The immediate question for the Tetons, as for every other tribe that dealt with interlopers like these Americans, was whether their interests would be served better by tolerating the invaders or by attacking them. The Tetons outnumbered the Americans and could have crushed them, though not without suffering casualties of their own. But if this group of Americans was simply the spearhead of a larger force, killing them might be counterproductive. The Sioux had heard enough about the Americans to know that there were very many of them. Perhaps they couldn’t all be killed.

Complicating the matter for the Tetons was a contest within the tribe for political control. Three chiefs—Black Buffalo, Buffalo Medicine and the Partisan—struggled for preeminence. The struggle, which became apparent to the Americans only gradually, caused the Tetons’ attitude toward the Americans to swing between confrontation and accommodation.

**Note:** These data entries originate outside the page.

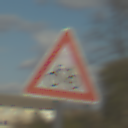
Verkehrszeichen: RadverkehrRechts
Umgebung: Outdoor, RoadRail
Tageszeit: MorningAfternoon
Wetter: PartlyCloudy
Licht: Natural
Jahreszeit: NotSpecified
Kontrast: HighContrast

Black Buffalo allowed Lewis to approach the Teton village, where a hundred tepees and their several hundred inhabitants attested to the force the Indians could bring to bear against the Americans. But then Black Buffalo and the other chiefs invited the Americans to a grand feast, at which they plied the intruders with great quantities of roasted buffalo meat, delicate cuts of dog, and platters of pemmican and prairie turnips. Male drummers beat a rhythm for female dancers, who waved the scalps of slain enemies in a salute to the martial power of the Sioux, another reminder that the tribe must not be trifled with. The culmination of the evening was an offer of female companionship to the American chiefs. Lewis and Clark declined the offer, to the puzzlement of the Tetons.

Tension suddenly escalated again the next day when Black Buffalo alerted his people that an attack by hostile Omahas was imminent. Two hundred warriors leaped to the ready, armed and eager to fight. But no Omahas appeared. Lewis and Clark considered the matter, then concluded that they had witnessed a manufactured display of force. They didn’t let on. “We shewed but little sign of a knowledge of their intentions,” Clark wrote. Just in case, they conspicuously put their own men on armed alert.

Captains and men kept vigilant till they got past the Teton territory. Lewis and Clark were pleased at having broken through the Sioux barrier. Yet they didn’t fool themselves into thinking they had accomplished Jefferson’s goal of establishing good relations with the most powerful of the upper Missouri peoples.